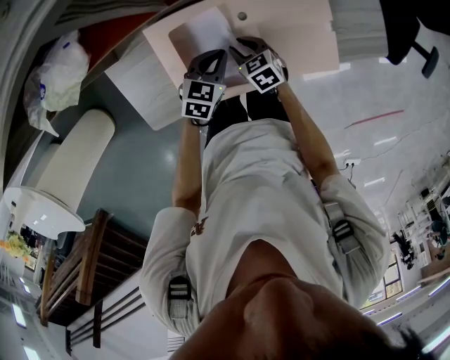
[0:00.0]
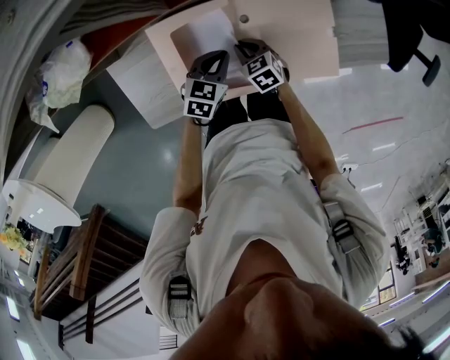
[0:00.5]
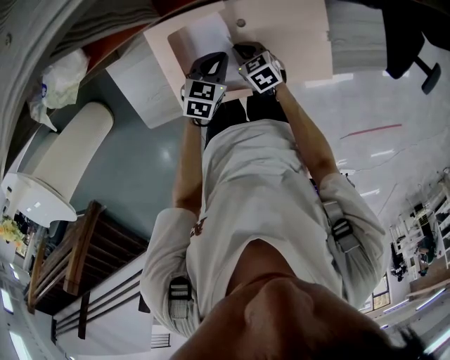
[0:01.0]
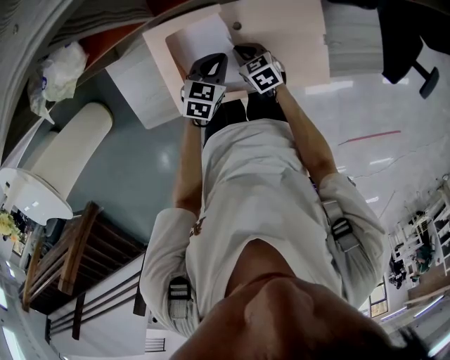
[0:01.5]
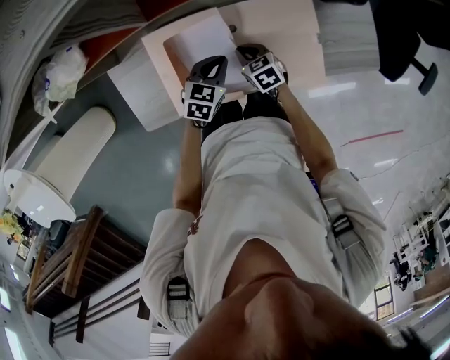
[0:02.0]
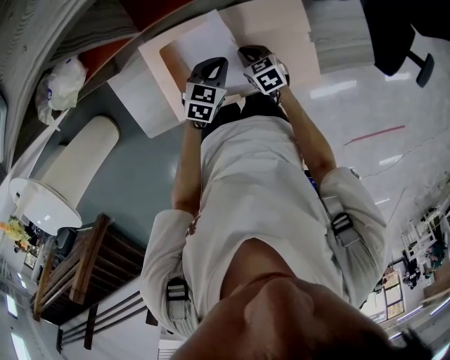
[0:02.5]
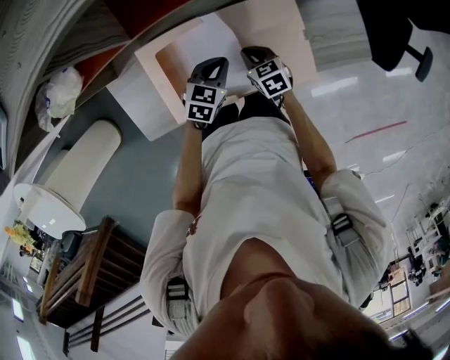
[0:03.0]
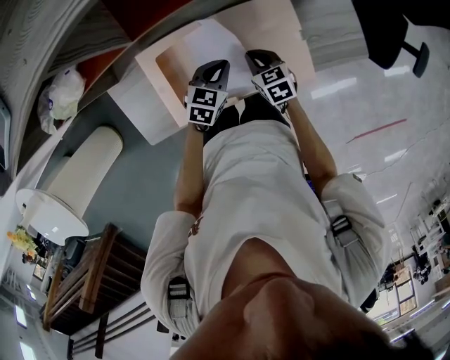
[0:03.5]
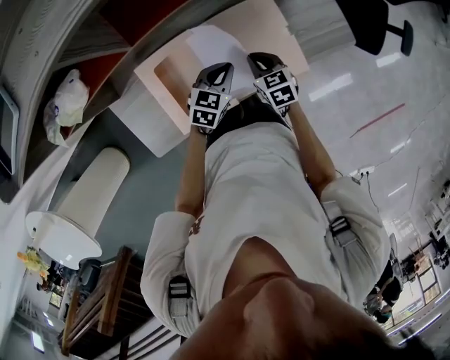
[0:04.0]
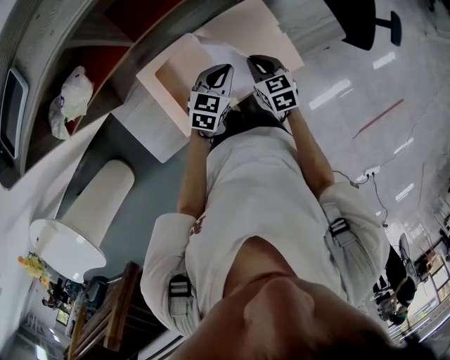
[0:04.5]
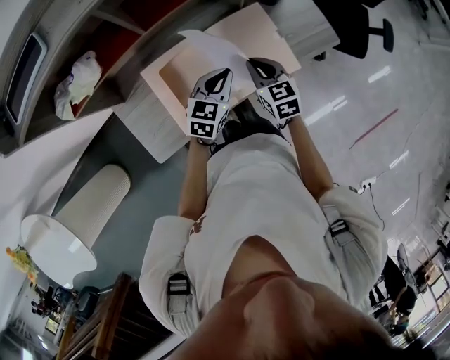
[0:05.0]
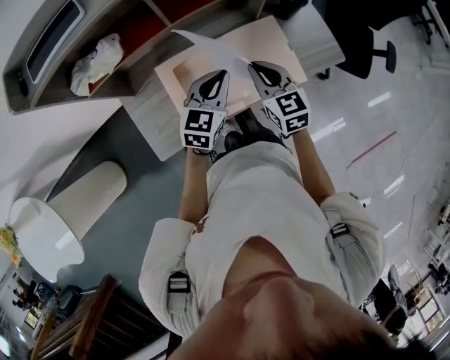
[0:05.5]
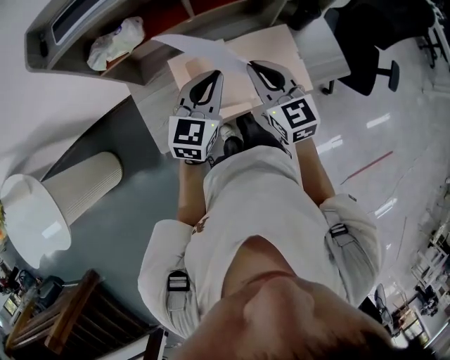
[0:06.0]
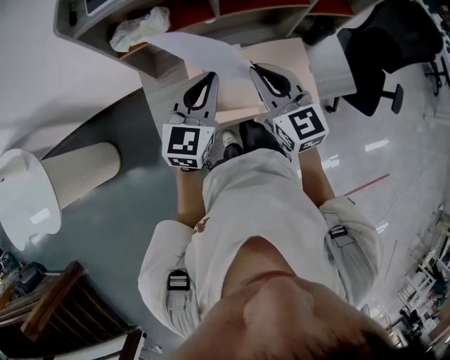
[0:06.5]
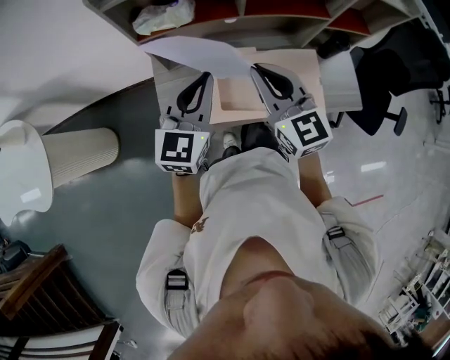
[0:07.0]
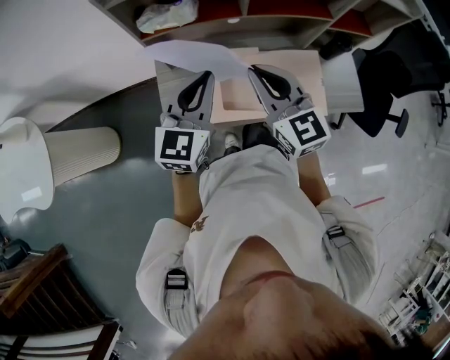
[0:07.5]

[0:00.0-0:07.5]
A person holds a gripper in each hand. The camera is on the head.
0:00.0 to 0:02.0: The right gripper closes.
0:02.0 to 0:04.0: The right gripper moves to the right and upward, approximately 10 cm, and swivels some 20 degrees. Meanwhile the left gripper is displaced to the right by roughly 5 cm.
0:04.0 to 0:05.5: Both grippers travel together upward, about 20 cm. The left gripper changes its angle by some 20 degrees. The right gripper swivels roughly 20 degrees.
0:05.5 to 0:07.5: The left gripper goes about 20 cm to the left and upward, and changes its angle by some 30 degrees. The right gripper goes roughly 20 cm upward and to the left, and rotates about 30 degrees.

● WORK REQUEST:
Each line from the first line of the listing above through the line containing "[0:00.0-0:07.5]" is to be written out exactly, and the pictures are to be left out.

● WRITTEN SOLUTION:
[0:00.0]
[0:00.5]
[0:01.0]
[0:01.5]
[0:02.0]
[0:02.5]
[0:03.0]
[0:03.5]
[0:04.0]
[0:04.5]
[0:05.0]
[0:05.5]
[0:06.0]
[0:06.5]
[0:07.0]
[0:07.5]

[0:00.0-0:07.5]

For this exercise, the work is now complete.